◆ AIM OF THE EXERCISE
Only the text carries over: repeat the records exactly and drop the images.

*** EXTRACTED ENTRIES ***

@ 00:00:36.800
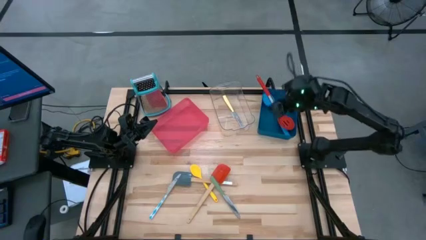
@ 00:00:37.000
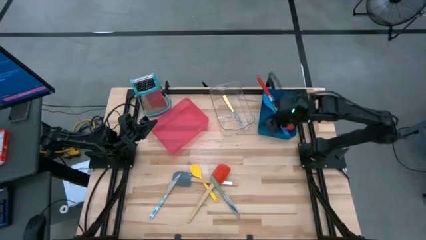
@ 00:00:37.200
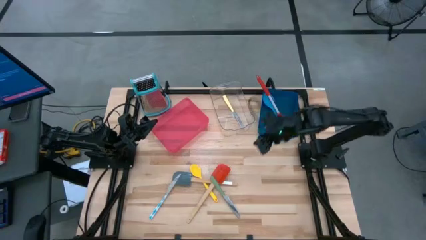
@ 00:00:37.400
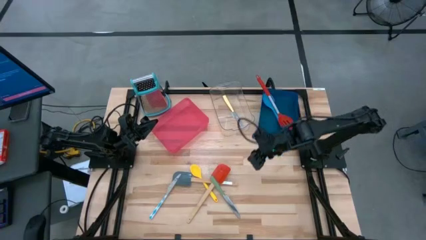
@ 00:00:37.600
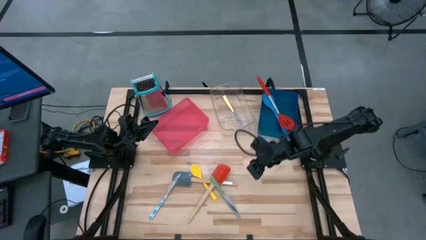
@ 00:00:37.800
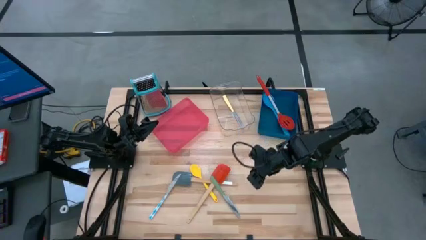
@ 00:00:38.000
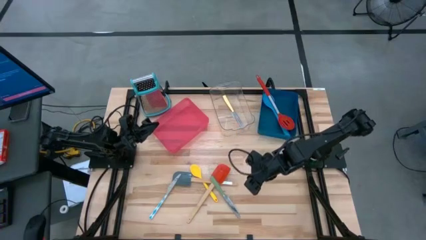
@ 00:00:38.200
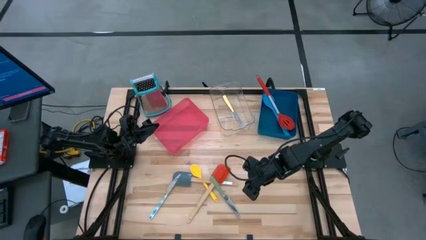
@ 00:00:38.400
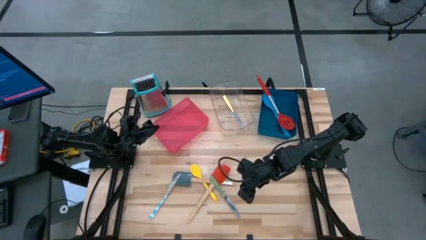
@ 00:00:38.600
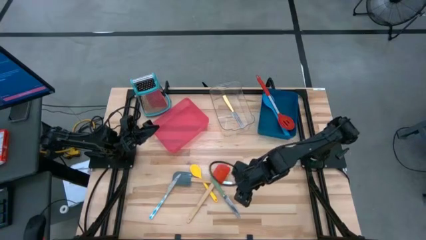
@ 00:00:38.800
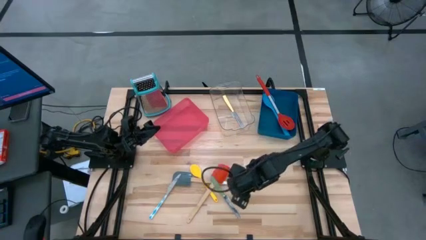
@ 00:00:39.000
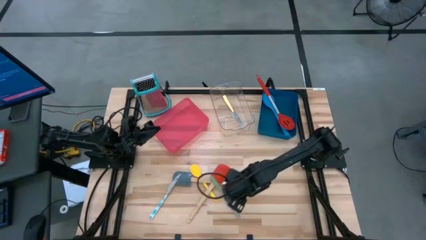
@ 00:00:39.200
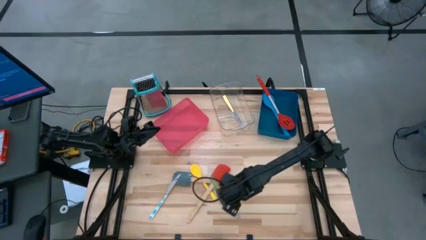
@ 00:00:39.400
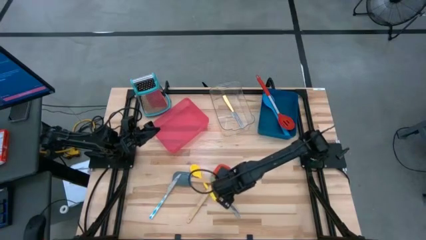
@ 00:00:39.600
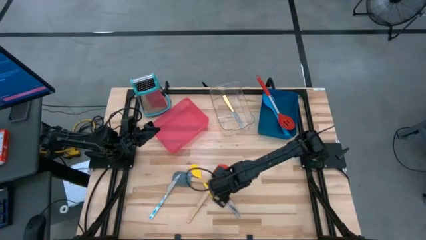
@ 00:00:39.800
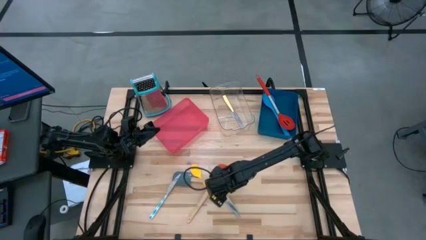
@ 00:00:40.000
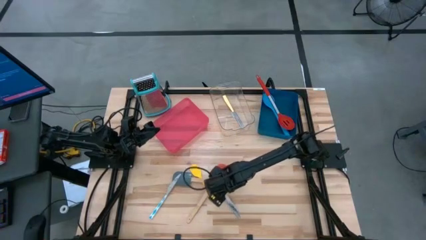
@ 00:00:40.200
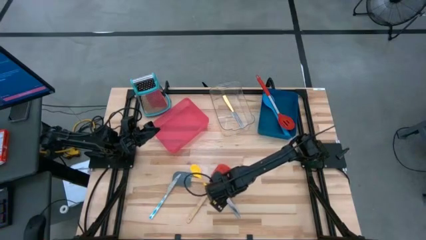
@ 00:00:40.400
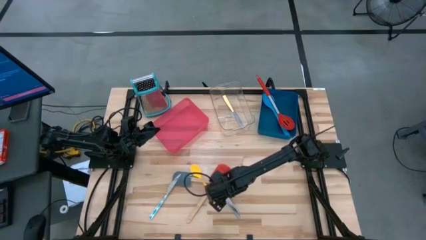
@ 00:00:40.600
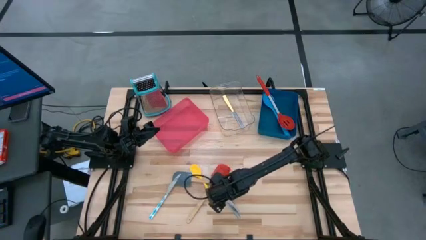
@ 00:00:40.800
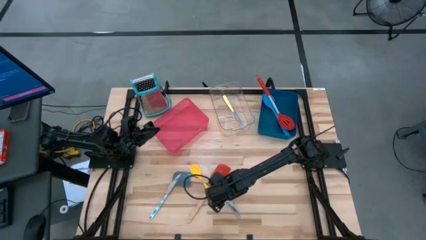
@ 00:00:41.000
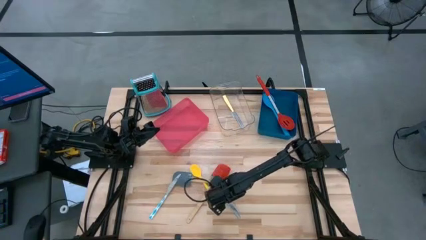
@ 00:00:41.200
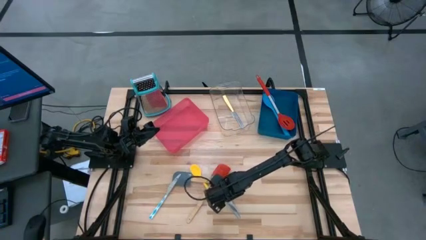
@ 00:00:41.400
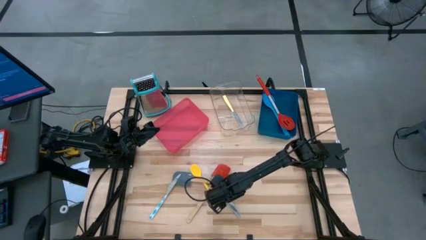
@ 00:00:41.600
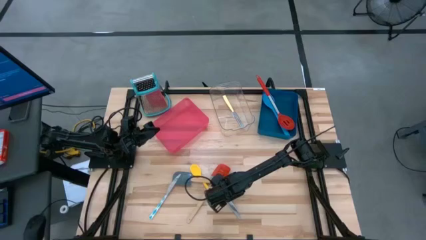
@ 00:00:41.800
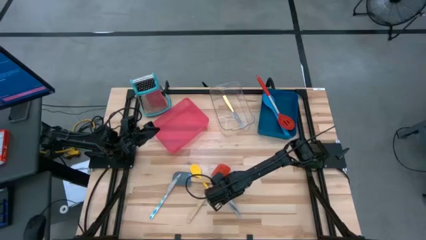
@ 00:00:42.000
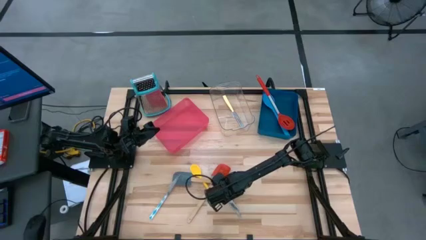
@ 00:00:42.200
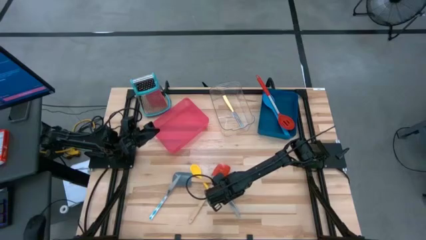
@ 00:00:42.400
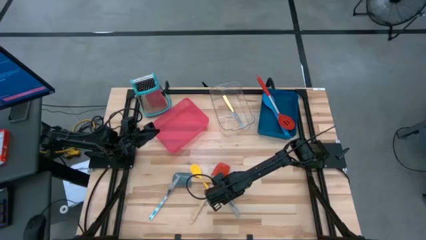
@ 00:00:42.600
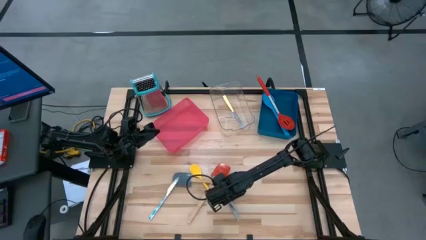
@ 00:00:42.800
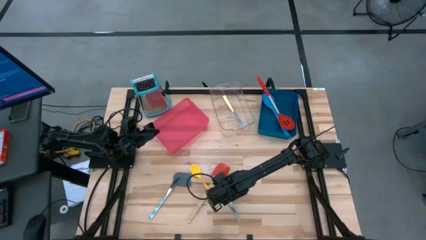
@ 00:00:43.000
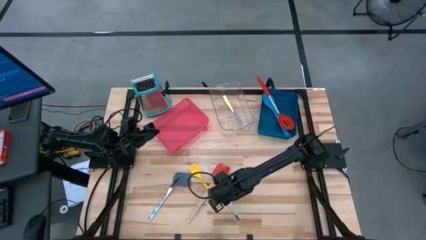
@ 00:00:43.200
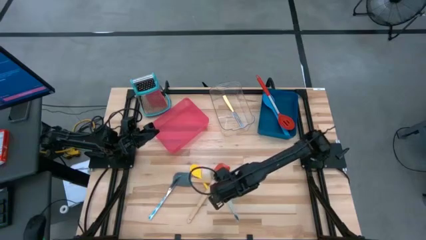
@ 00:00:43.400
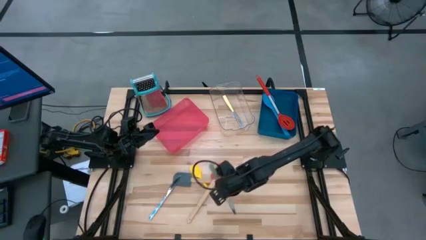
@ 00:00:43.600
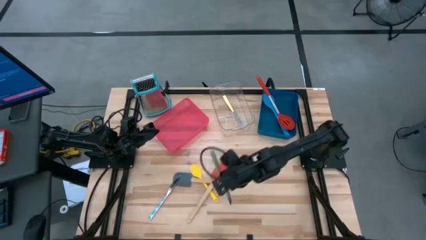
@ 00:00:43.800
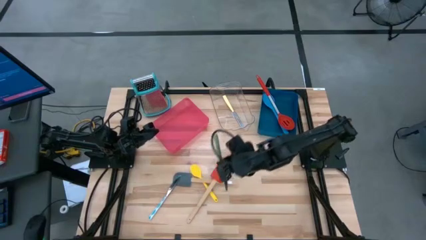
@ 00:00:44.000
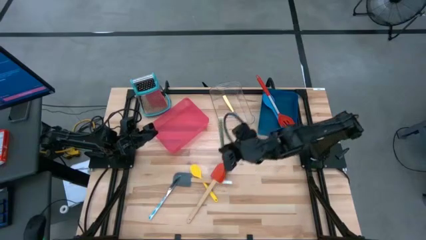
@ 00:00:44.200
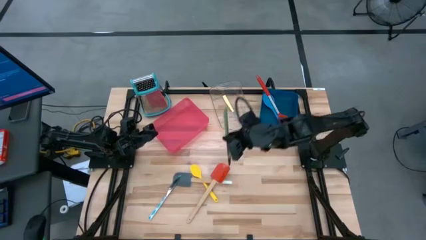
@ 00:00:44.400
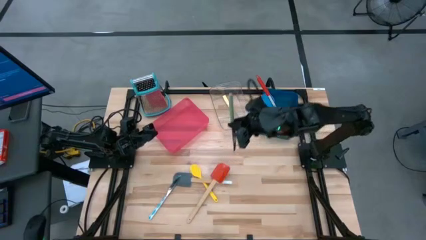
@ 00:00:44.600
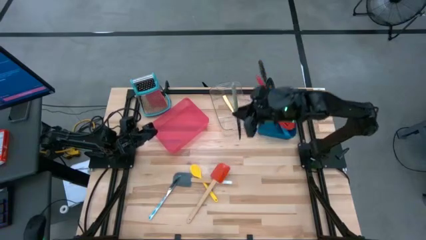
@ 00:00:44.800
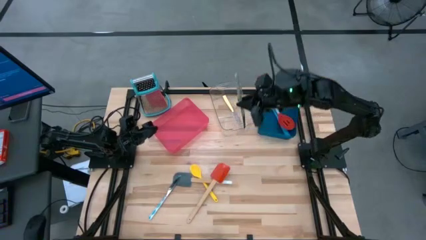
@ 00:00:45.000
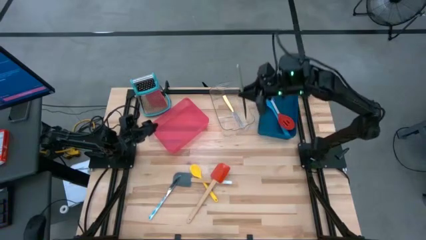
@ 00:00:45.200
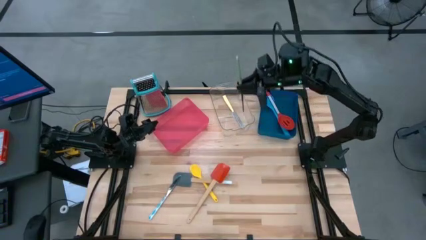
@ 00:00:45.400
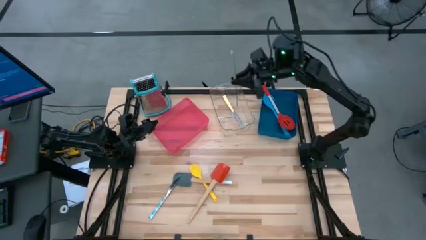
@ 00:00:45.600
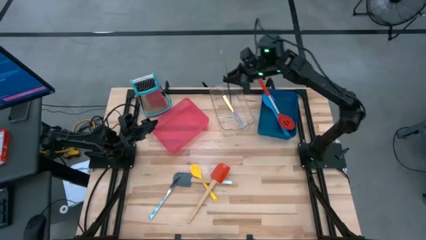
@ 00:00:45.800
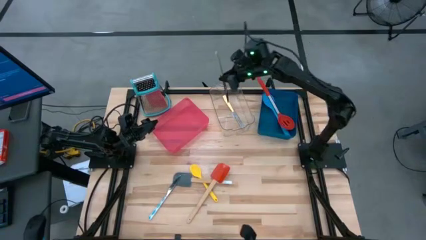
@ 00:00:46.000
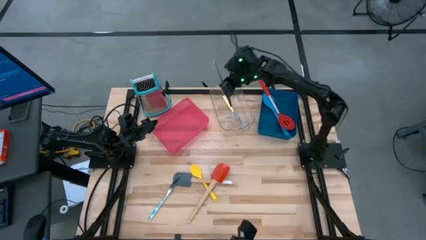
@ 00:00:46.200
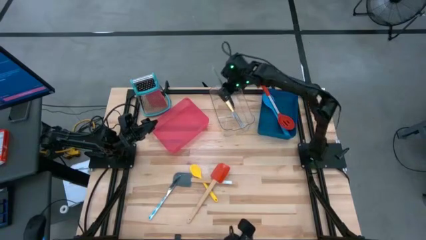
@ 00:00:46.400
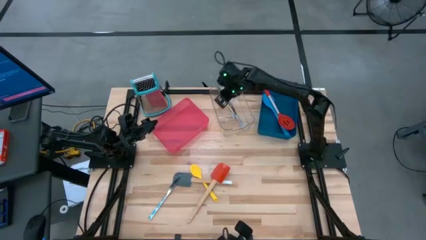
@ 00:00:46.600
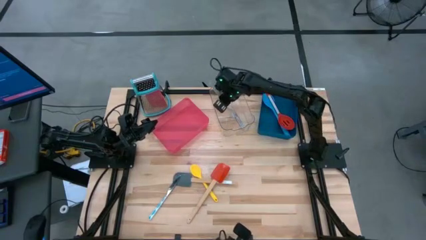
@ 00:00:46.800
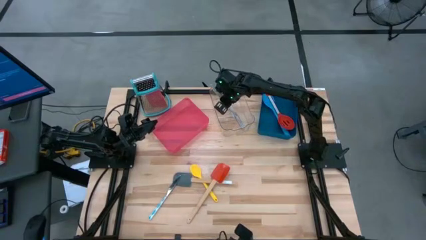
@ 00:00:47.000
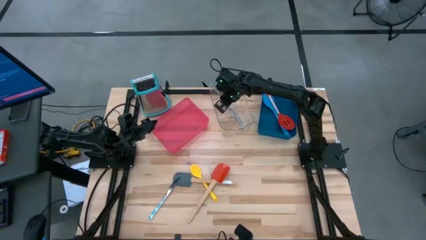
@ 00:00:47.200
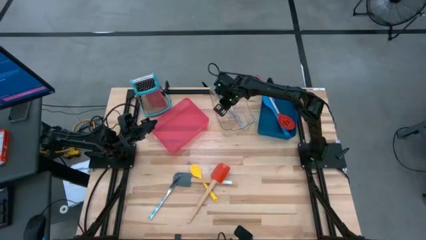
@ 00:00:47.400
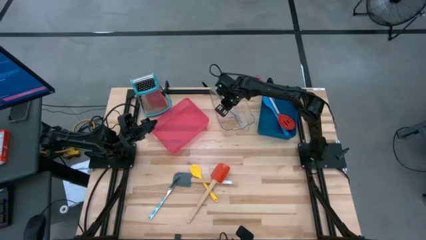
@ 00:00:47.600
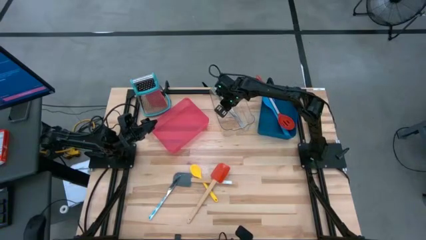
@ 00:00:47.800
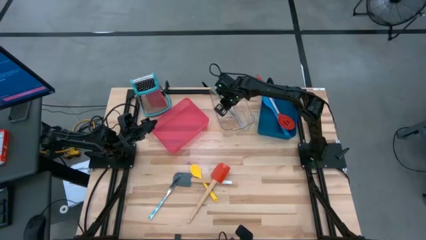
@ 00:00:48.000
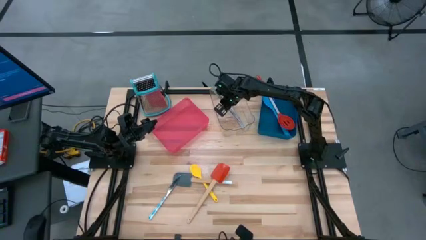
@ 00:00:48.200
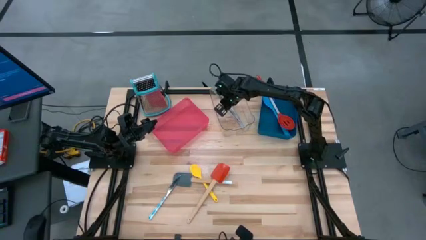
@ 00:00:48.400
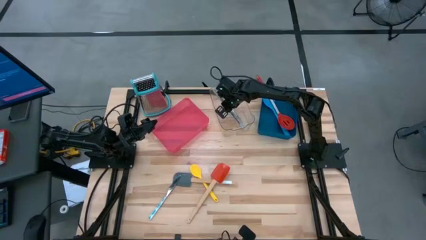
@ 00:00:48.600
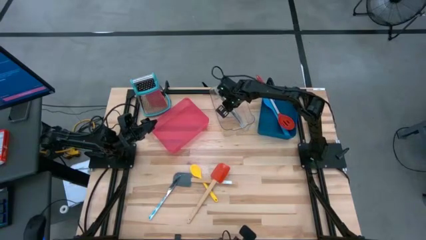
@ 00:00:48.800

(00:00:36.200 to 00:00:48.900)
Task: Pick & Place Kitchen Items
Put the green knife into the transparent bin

*** End of EXTRACTED ENTRIES ***

◆ SOLUTION FOR THIS TASK
@ 00:00:36.800
@ 00:00:37.000
@ 00:00:37.200
@ 00:00:37.400
@ 00:00:37.600
@ 00:00:37.800
@ 00:00:38.000
@ 00:00:38.200
@ 00:00:38.400
@ 00:00:38.600
@ 00:00:38.800
@ 00:00:39.000
@ 00:00:39.200
@ 00:00:39.400
@ 00:00:39.600
@ 00:00:39.800
@ 00:00:40.000
@ 00:00:40.200
@ 00:00:40.400
@ 00:00:40.600
@ 00:00:40.800
@ 00:00:41.000
@ 00:00:41.200
@ 00:00:41.400
@ 00:00:41.600
@ 00:00:41.800
@ 00:00:42.000
@ 00:00:42.200
@ 00:00:42.400
@ 00:00:42.600
@ 00:00:42.800
@ 00:00:43.000
@ 00:00:43.200
@ 00:00:43.400
@ 00:00:43.600
@ 00:00:43.800
@ 00:00:44.000
@ 00:00:44.200
@ 00:00:44.400
@ 00:00:44.600
@ 00:00:44.800
@ 00:00:45.000
@ 00:00:45.200
@ 00:00:45.400
@ 00:00:45.600
@ 00:00:45.800
@ 00:00:46.000
@ 00:00:46.200
@ 00:00:46.400
@ 00:00:46.600
@ 00:00:46.800
@ 00:00:47.000
@ 00:00:47.200
@ 00:00:47.400
@ 00:00:47.600
@ 00:00:47.800
@ 00:00:48.000
@ 00:00:48.200
@ 00:00:48.400
@ 00:00:48.600
@ 00:00:48.800

(00:00:36.200 to 00:00:48.900)
Task: Pick & Place Kitchen Items
Put the green knife into the transparent bin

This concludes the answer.